# Task requirements
Below are some entries. Copy each line that holds the string "width".

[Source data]
----
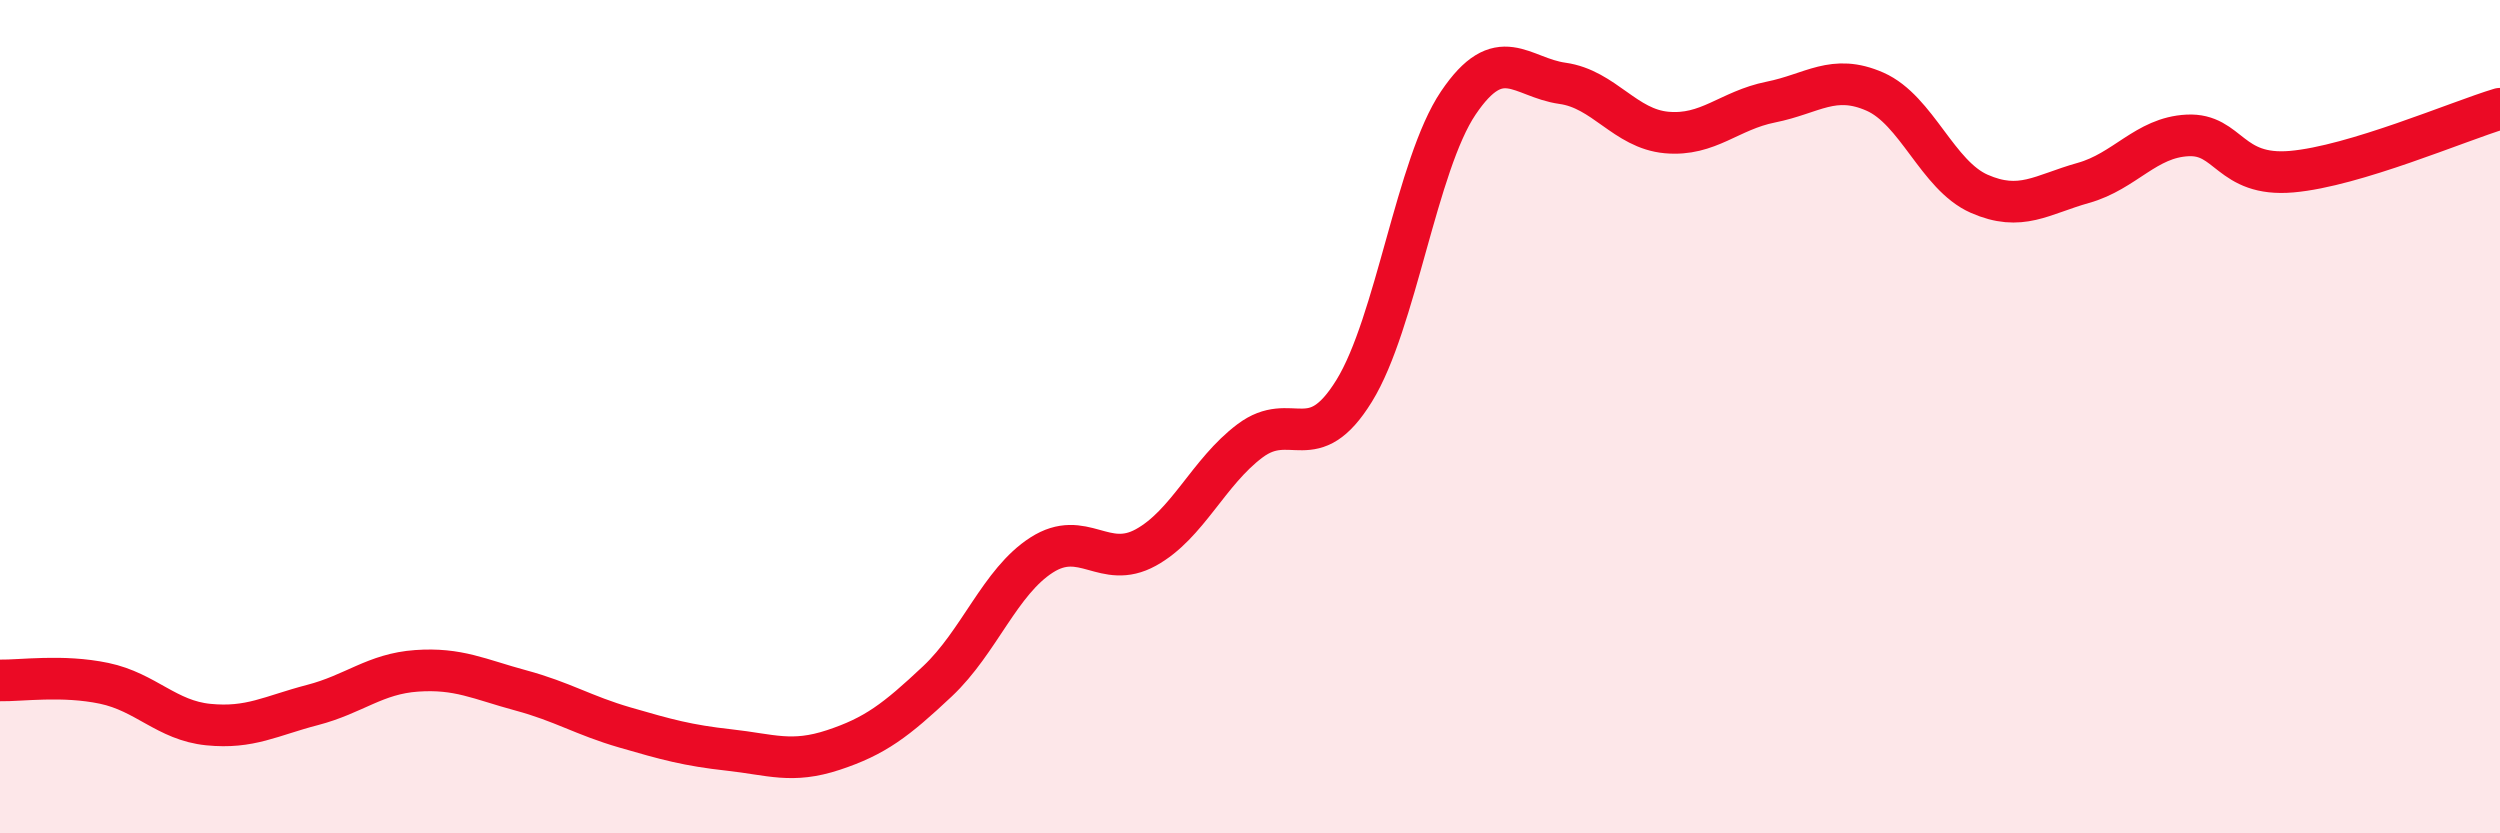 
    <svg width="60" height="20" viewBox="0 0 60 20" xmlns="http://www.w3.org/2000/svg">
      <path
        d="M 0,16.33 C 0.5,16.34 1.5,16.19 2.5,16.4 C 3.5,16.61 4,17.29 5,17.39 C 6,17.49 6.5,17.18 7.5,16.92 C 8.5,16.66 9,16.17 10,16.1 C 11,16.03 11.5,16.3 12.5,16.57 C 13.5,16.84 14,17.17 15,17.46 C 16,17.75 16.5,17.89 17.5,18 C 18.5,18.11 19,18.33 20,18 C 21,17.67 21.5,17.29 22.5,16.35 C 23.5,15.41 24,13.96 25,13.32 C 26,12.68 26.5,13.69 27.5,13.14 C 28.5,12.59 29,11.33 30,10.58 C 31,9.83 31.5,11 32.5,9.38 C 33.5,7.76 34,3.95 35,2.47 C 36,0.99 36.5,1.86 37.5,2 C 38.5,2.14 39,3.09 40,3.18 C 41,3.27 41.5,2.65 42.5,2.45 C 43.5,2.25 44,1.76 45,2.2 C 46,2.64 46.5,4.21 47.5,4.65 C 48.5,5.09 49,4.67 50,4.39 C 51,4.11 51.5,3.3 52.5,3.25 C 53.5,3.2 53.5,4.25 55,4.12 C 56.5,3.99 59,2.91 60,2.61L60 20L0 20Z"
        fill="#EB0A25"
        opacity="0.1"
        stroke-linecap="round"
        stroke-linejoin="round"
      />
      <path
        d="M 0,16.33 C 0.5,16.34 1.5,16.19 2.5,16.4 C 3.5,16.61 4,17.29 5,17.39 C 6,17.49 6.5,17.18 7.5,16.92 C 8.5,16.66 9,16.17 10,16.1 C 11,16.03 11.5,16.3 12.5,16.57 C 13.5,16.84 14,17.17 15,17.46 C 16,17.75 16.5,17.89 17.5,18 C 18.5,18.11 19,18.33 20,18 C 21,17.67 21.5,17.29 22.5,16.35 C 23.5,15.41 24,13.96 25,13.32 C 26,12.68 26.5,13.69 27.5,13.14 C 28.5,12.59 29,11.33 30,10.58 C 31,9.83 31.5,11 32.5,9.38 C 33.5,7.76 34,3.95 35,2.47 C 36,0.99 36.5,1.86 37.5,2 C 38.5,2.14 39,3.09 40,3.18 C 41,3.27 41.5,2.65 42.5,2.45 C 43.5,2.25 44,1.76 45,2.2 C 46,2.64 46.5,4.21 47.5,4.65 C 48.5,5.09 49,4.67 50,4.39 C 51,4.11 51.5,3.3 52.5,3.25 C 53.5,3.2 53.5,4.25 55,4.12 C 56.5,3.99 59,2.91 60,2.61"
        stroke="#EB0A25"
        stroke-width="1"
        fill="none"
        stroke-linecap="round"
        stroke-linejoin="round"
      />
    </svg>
----
# Response to the task
    <svg width="60" height="20" viewBox="0 0 60 20" xmlns="http://www.w3.org/2000/svg">
        stroke-width="1"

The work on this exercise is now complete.